Commanders and leaders
- François de Créquy Sébastien Le Prestre de Vauban: Ernesto de Croy Ligne, Prince of Chimay Alberto Octavio Tserclaes de Tilly

Strength
- 20,000 men 7,000 horses 82 guns 21 mortars: 4,090 men 600 horses 600 city's militia

Casualties and losses
- 8,000: 2,700

= Siege of Luxembourg (1684) =

Siege during the War of the Reunions

The siege of Luxembourg, in which Louis XIV of France (husband of Maria Theresa of Spain) laid siege to the Spanish-controlled Fortress of Luxembourg from 27 April to 7 June 1684, was the most significant confrontation of the War of the Reunions between France and Spain.
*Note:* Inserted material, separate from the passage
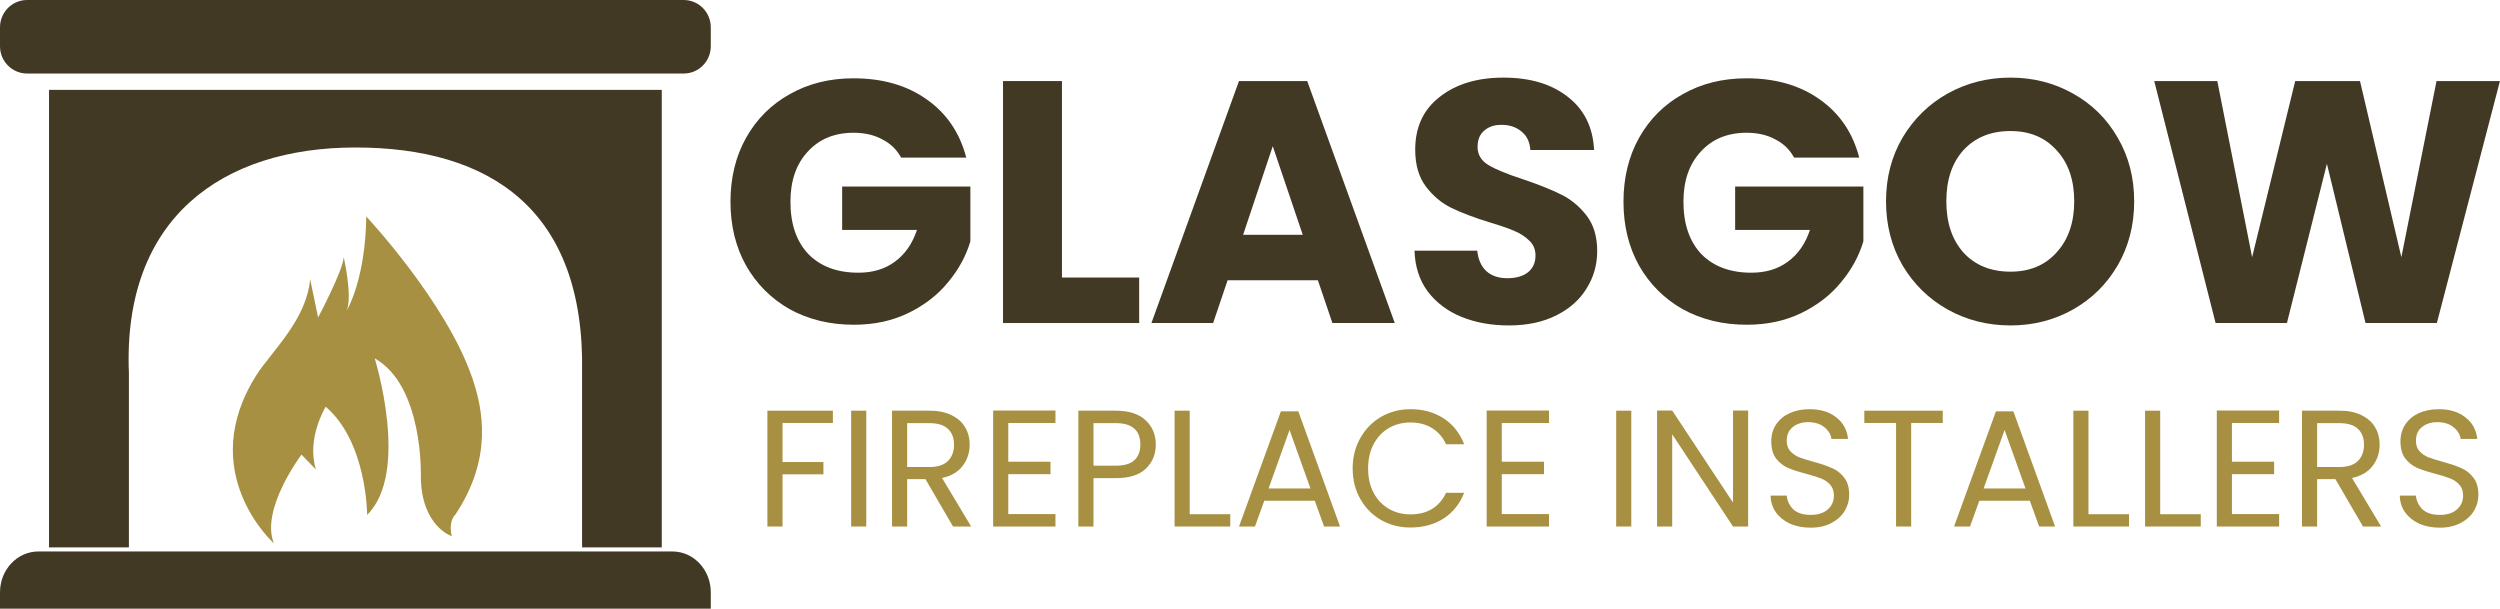 <svg xmlns="http://www.w3.org/2000/svg" width="612" height="149" viewBox="0 0 612 149" fill="none"><path d="M611.986 19.844L596.545 79.076H579.079L569.629 40.094L559.841 79.076H542.375L527.356 19.844H542.797L551.319 62.96L561.866 19.844H577.729L587.854 62.96L596.461 19.844H611.986Z" fill="#423925"></path><path d="M492.158 79.667C486.589 79.667 481.471 78.373 476.802 75.786C472.189 73.198 468.505 69.598 465.748 64.985C463.048 60.317 461.698 55.085 461.698 49.291C461.698 43.497 463.048 38.294 465.748 33.682C468.505 29.069 472.189 25.469 476.802 22.881C481.471 20.294 486.589 19 492.158 19C497.727 19 502.818 20.294 507.431 22.881C512.099 25.469 515.756 29.069 518.4 33.682C521.1 38.294 522.45 43.497 522.45 49.291C522.45 55.085 521.1 60.317 518.4 64.985C515.699 69.598 512.043 73.198 507.431 75.786C502.818 78.373 497.727 79.667 492.158 79.667ZM492.158 66.504C496.883 66.504 500.652 64.929 503.465 61.779C506.334 58.629 507.768 54.466 507.768 49.291C507.768 44.06 506.334 39.897 503.465 36.803C500.652 33.654 496.883 32.078 492.158 32.078C487.377 32.078 483.552 33.625 480.683 36.719C477.87 39.813 476.464 44.004 476.464 49.291C476.464 54.523 477.87 58.713 480.683 61.864C483.552 64.957 487.377 66.504 492.158 66.504Z" fill="#423925"></path><path d="M439.193 38.575C438.125 36.606 436.578 35.115 434.553 34.103C432.584 33.034 430.249 32.499 427.549 32.499C422.88 32.499 419.14 34.046 416.327 37.14C413.515 40.178 412.108 44.256 412.108 49.375C412.108 54.831 413.571 59.106 416.496 62.2C419.477 65.238 423.555 66.757 428.731 66.757C432.274 66.757 435.256 65.856 437.675 64.056C440.15 62.257 441.95 59.669 443.075 56.294H424.765V45.662H456.153V59.078C455.084 62.678 453.256 66.025 450.669 69.119C448.137 72.213 444.903 74.716 440.965 76.629C437.028 78.541 432.584 79.498 427.634 79.498C421.784 79.498 416.552 78.232 411.94 75.701C407.383 73.113 403.811 69.541 401.224 64.985C398.692 60.428 397.427 55.225 397.427 49.375C397.427 43.525 398.692 38.322 401.224 33.765C403.811 29.153 407.383 25.581 411.94 23.049C416.496 20.462 421.699 19.168 427.549 19.168C434.637 19.168 440.6 20.884 445.437 24.315C450.331 27.746 453.566 32.499 455.141 38.575H439.193Z" fill="#423925"></path><path d="M369.394 79.667C365.062 79.667 361.181 78.964 357.75 77.558C354.318 76.151 351.562 74.07 349.481 71.314C347.456 68.557 346.387 65.239 346.274 61.357H361.631C361.856 63.551 362.615 65.239 363.909 66.42C365.203 67.545 366.891 68.107 368.972 68.107C371.109 68.107 372.797 67.629 374.034 66.673C375.272 65.66 375.891 64.282 375.891 62.538C375.891 61.076 375.384 59.867 374.372 58.91C373.416 57.954 372.206 57.166 370.744 56.548C369.337 55.929 367.312 55.226 364.669 54.438C360.843 53.257 357.722 52.076 355.303 50.895C352.884 49.713 350.803 47.969 349.059 45.663C347.315 43.357 346.443 40.347 346.443 36.635C346.443 31.122 348.44 26.819 352.434 23.725C356.428 20.575 361.631 19 368.044 19C374.569 19 379.828 20.575 383.822 23.725C387.816 26.819 389.954 31.15 390.235 36.719H374.625C374.513 34.807 373.809 33.316 372.516 32.247C371.222 31.122 369.562 30.56 367.537 30.56C365.794 30.56 364.387 31.038 363.319 31.994C362.25 32.894 361.715 34.216 361.715 35.96C361.715 37.872 362.615 39.363 364.415 40.432C366.215 41.501 369.028 42.654 372.853 43.891C376.678 45.185 379.772 46.422 382.135 47.604C384.553 48.785 386.635 50.501 388.379 52.751C390.122 55.001 390.994 57.898 390.994 61.442C390.994 64.817 390.122 67.882 388.379 70.639C386.691 73.395 384.216 75.589 380.953 77.22C377.691 78.851 373.838 79.667 369.394 79.667Z" fill="#423925"></path><path d="M322.624 68.614H300.517L296.974 79.076H281.87L303.302 19.844H320.008L341.44 79.076H326.168L322.624 68.614ZM318.912 57.476L311.571 35.791L304.314 57.476H318.912Z" fill="#423925"></path><path d="M259.968 67.939H278.869V79.076H245.54V19.844H259.968V67.939Z" fill="#423925"></path><path d="M220.588 38.575C219.519 36.606 217.972 35.115 215.947 34.103C213.978 33.034 211.644 32.499 208.944 32.499C204.275 32.499 200.534 34.046 197.722 37.14C194.909 40.178 193.503 44.256 193.503 49.375C193.503 54.831 194.965 59.106 197.89 62.2C200.872 65.238 204.95 66.757 210.125 66.757C213.669 66.757 216.65 65.856 219.069 64.056C221.544 62.257 223.344 59.669 224.469 56.294H206.159V45.662H237.548V59.078C236.479 62.678 234.651 66.025 232.063 69.119C229.532 72.213 226.297 74.716 222.36 76.629C218.422 78.541 213.978 79.498 209.028 79.498C203.178 79.498 197.947 78.232 193.334 75.701C188.778 73.113 185.206 69.541 182.618 64.985C180.087 60.428 178.821 55.225 178.821 49.375C178.821 43.525 180.087 38.322 182.618 33.765C185.206 29.153 188.778 25.581 193.334 23.049C197.89 20.462 203.094 19.168 208.944 19.168C216.032 19.168 221.994 20.884 226.832 24.315C231.726 27.746 234.96 32.499 236.535 38.575H220.588Z" fill="#423925"></path><path d="M597.274 129.176C595.402 129.176 593.721 128.851 592.229 128.2C590.764 127.522 589.612 126.599 588.771 125.433C587.93 124.24 587.496 122.87 587.469 121.324H591.415C591.551 122.653 592.093 123.779 593.043 124.701C594.019 125.596 595.429 126.044 597.274 126.044C599.036 126.044 600.42 125.61 601.423 124.742C602.454 123.847 602.969 122.708 602.969 121.324C602.969 120.24 602.671 119.358 602.074 118.68C601.477 118.002 600.731 117.487 599.836 117.134C598.941 116.782 597.735 116.402 596.216 115.995C594.344 115.507 592.839 115.019 591.7 114.531C590.588 114.042 589.625 113.283 588.812 112.252C588.025 111.195 587.632 109.784 587.632 108.021C587.632 106.476 588.025 105.106 588.812 103.913C589.598 102.719 590.697 101.797 592.107 101.146C593.544 100.495 595.185 100.17 597.029 100.17C599.687 100.17 601.857 100.834 603.539 102.163C605.247 103.492 606.21 105.255 606.427 107.452H602.359C602.223 106.367 601.654 105.418 600.65 104.604C599.647 103.763 598.318 103.343 596.663 103.343C595.117 103.343 593.856 103.75 592.88 104.564C591.904 105.35 591.415 106.462 591.415 107.899C591.415 108.93 591.7 109.771 592.27 110.422C592.866 111.073 593.585 111.574 594.426 111.927C595.294 112.252 596.501 112.632 598.046 113.066C599.918 113.581 601.423 114.097 602.562 114.612C603.701 115.1 604.678 115.873 605.491 116.931C606.305 117.961 606.712 119.372 606.712 121.162C606.712 122.545 606.346 123.847 605.613 125.067C604.881 126.288 603.796 127.278 602.359 128.037C600.921 128.796 599.226 129.176 597.274 129.176Z" fill="#A89042"></path><path d="M578.462 128.89L571.709 117.296H567.234V128.89H563.532V100.535H572.686C574.828 100.535 576.632 100.901 578.096 101.634C579.588 102.366 580.7 103.356 581.432 104.603C582.164 105.851 582.531 107.275 582.531 108.875C582.531 110.828 581.961 112.55 580.822 114.041C579.71 115.533 578.028 116.523 575.777 117.011L582.897 128.89H578.462ZM567.234 114.326H572.686C574.693 114.326 576.198 113.838 577.201 112.862C578.205 111.858 578.707 110.529 578.707 108.875C578.707 107.193 578.205 105.892 577.201 104.969C576.225 104.047 574.72 103.586 572.686 103.586H567.234V114.326Z" fill="#A89042"></path><path d="M546.377 103.547V113.026H556.71V116.077H546.377V125.841H557.93V128.892H542.675V100.496H557.93V103.547H546.377Z" fill="#A89042"></path><path d="M528.817 125.88H538.743V128.89H525.115V100.535H528.817V125.88Z" fill="#A89042"></path><path d="M511.257 125.88H521.183V128.89H507.555V100.535H511.257V125.88Z" fill="#A89042"></path><path d="M496.902 122.586H484.535L482.257 128.892H478.352L488.603 100.699H492.875L503.086 128.892H499.181L496.902 122.586ZM495.845 119.576L490.719 105.256L485.593 119.576H495.845Z" fill="#A89042"></path><path d="M475.585 100.535V103.546H467.856V128.89H464.154V103.546H456.383V100.535H475.585Z" fill="#A89042"></path><path d="M443.246 129.176C441.375 129.176 439.693 128.851 438.202 128.2C436.737 127.522 435.584 126.599 434.744 125.433C433.903 124.24 433.469 122.87 433.442 121.324H437.388C437.524 122.653 438.066 123.779 439.015 124.701C439.992 125.596 441.402 126.044 443.246 126.044C445.009 126.044 446.392 125.61 447.396 124.742C448.426 123.847 448.942 122.708 448.942 121.324C448.942 120.24 448.643 119.358 448.047 118.68C447.45 118.002 446.704 117.487 445.809 117.134C444.914 116.782 443.707 116.402 442.188 115.995C440.317 115.507 438.812 115.019 437.673 114.531C436.561 114.042 435.598 113.283 434.784 112.252C433.998 111.195 433.605 109.784 433.605 108.021C433.605 106.476 433.998 105.106 434.784 103.913C435.571 102.719 436.669 101.797 438.08 101.146C439.517 100.495 441.158 100.17 443.002 100.17C445.66 100.17 447.83 100.834 449.511 102.163C451.22 103.492 452.183 105.255 452.4 107.452H448.331C448.196 106.367 447.626 105.418 446.623 104.604C445.619 103.763 444.29 103.343 442.636 103.343C441.09 103.343 439.829 103.75 438.853 104.564C437.876 105.35 437.388 106.462 437.388 107.899C437.388 108.93 437.673 109.771 438.242 110.422C438.839 111.073 439.558 111.574 440.398 111.927C441.266 112.252 442.473 112.632 444.019 113.066C445.891 113.581 447.396 114.097 448.535 114.612C449.674 115.1 450.65 115.873 451.464 116.931C452.278 117.961 452.684 119.372 452.684 121.162C452.684 122.545 452.318 123.847 451.586 125.067C450.854 126.288 449.769 127.278 448.331 128.037C446.894 128.796 445.199 129.176 443.246 129.176Z" fill="#A89042"></path><path d="M427.945 128.892H424.243L409.353 106.314V128.892H405.651V100.496H409.353L424.243 123.034V100.496H427.945V128.892Z" fill="#A89042"></path><path d="M399.342 100.535V128.89H395.64V100.535H399.342Z" fill="#A89042"></path><path d="M367.639 103.547V113.026H377.972V116.077H367.639V125.841H379.192V128.892H363.937V100.496H379.192V103.547H367.639Z" fill="#A89042"></path><path d="M331.129 114.693C331.129 111.927 331.753 109.445 333 107.249C334.248 105.025 335.943 103.289 338.085 102.041C340.255 100.794 342.655 100.17 345.286 100.17C348.378 100.17 351.077 100.916 353.382 102.407C355.687 103.899 357.369 106.015 358.426 108.754H353.992C353.206 107.045 352.066 105.73 350.575 104.808C349.11 103.886 347.347 103.424 345.286 103.424C343.306 103.424 341.53 103.886 339.957 104.808C338.384 105.73 337.15 107.045 336.255 108.754C335.36 110.435 334.912 112.415 334.912 114.693C334.912 116.944 335.36 118.924 336.255 120.633C337.15 122.314 338.384 123.616 339.957 124.538C341.53 125.46 343.306 125.921 345.286 125.921C347.347 125.921 349.11 125.474 350.575 124.579C352.066 123.657 353.206 122.341 353.992 120.633H358.426C357.369 123.345 355.687 125.447 353.382 126.939C351.077 128.403 348.378 129.135 345.286 129.135C342.655 129.135 340.255 128.525 338.085 127.305C335.943 126.057 334.248 124.335 333 122.138C331.753 119.941 331.129 117.46 331.129 114.693Z" fill="#A89042"></path><path d="M321.859 122.586H309.492L307.214 128.892H303.309L313.56 100.699H317.832L328.043 128.892H324.138L321.859 122.586ZM320.802 119.576L315.676 105.256L310.55 119.576H320.802Z" fill="#A89042"></path><path d="M291.241 125.88H301.167V128.89H287.539V100.535H291.241V125.88Z" fill="#A89042"></path><path d="M282.938 108.834C282.938 111.194 282.125 113.16 280.497 114.733C278.897 116.279 276.443 117.052 273.134 117.052H267.683V128.89H263.98V100.535H273.134C276.334 100.535 278.762 101.308 280.416 102.854C282.097 104.4 282.938 106.393 282.938 108.834ZM273.134 114.001C275.195 114.001 276.714 113.553 277.69 112.658C278.667 111.763 279.155 110.489 279.155 108.834C279.155 105.336 277.148 103.586 273.134 103.586H267.683V114.001H273.134Z" fill="#A89042"></path><path d="M246.825 103.547V113.026H257.158V116.077H246.825V125.841H258.379V128.892H243.123V100.496H258.379V103.547H246.825Z" fill="#A89042"></path><path d="M233.302 128.89L226.549 117.296H222.074V128.89H218.372V100.535H227.525C229.668 100.535 231.472 100.901 232.936 101.634C234.428 102.366 235.54 103.356 236.272 104.603C237.004 105.851 237.37 107.275 237.37 108.875C237.37 110.828 236.801 112.55 235.662 114.041C234.55 115.533 232.868 116.523 230.617 117.011L237.737 128.89H233.302ZM222.074 114.326H227.525C229.532 114.326 231.038 113.838 232.041 112.862C233.045 111.858 233.546 110.529 233.546 108.875C233.546 107.193 233.045 105.892 232.041 104.969C231.065 104.047 229.56 103.586 227.525 103.586H222.074V114.326Z" fill="#A89042"></path><path d="M212.063 100.535V128.89H208.361V100.535H212.063Z" fill="#A89042"></path><path d="M203.89 100.535V103.546H191.563V113.106H201.571V116.116H191.563V128.89H187.861V100.535H203.89Z" fill="#A89042"></path><path d="M167.366 0H6.634C2.97 0 0 2.992 0 6.683V11.316C0 15.008 2.97 18 6.634 18H167.366C171.03 18 174 15.008 174 11.316V6.683C174 2.992 171.03 0 167.366 0Z" fill="#423925"></path><path d="M12 22V134H31.555V91.323C29.992 53.337 54.445 36.106 87.023 36.106C119.602 36.106 143.273 50.987 142.492 91.323V134H162V22H12Z" fill="#423925"></path><path d="M67.041 133C67.041 133 47.603 115.635 62.817 91.754C66.419 86.097 75.074 78.294 75.919 68.314L77.87 77.718C77.87 77.718 83.914 66.325 84.144 62.98C84.144 62.98 86.302 72.337 84.912 75.966C84.912 75.966 89.459 68.519 89.666 53C89.666 53 109.312 73.955 115.647 92.621C118.197 100.116 120.716 112.156 111.423 126.049C111.423 126.049 109.734 127.351 110.579 131.256C110.579 131.256 103.068 128.811 103.022 116.574C103.022 116.574 103.721 94.523 91.724 87.714C91.724 87.714 100.441 115.627 89.874 126.049C89.874 126.049 89.874 108.25 79.728 99.564C79.728 99.564 74.959 107.32 77.34 114.949L73.807 111.288C73.807 111.288 63.662 124.748 67.049 132.992L67.041 133Z" fill="#A89042"></path><path d="M9.38 135H164.62C169.793 135 174 139.472 174 144.989V149H0V144.989C0 139.48 4.199 135 9.38 135Z" fill="#423925"></path></svg>

The action caused alarm among France's neighbours and resulted in the formation of the League of Augsburg in 1686. In the ensuing war France was forced to give up the duchy, which was returned to the Habsburgs by the Treaty of Ryswick in 1697.

==Background==
An important element of Louis XIV's policy of reunion was to the gain the strategically important city of Luxembourg, which was under Spanish rule, but belonged de jure to the Holy Roman Empire. The city had been besieged in 1681-1682, and the inhabitants endured great hardship. This attempt was broken off, but the country was occupied.

Louis started the War of the Reunions especially to conquer Luxembourg in 1683. In December of that year, Luxembourg was bombarded with mortars. About 6,000 bombs and grenades were fired.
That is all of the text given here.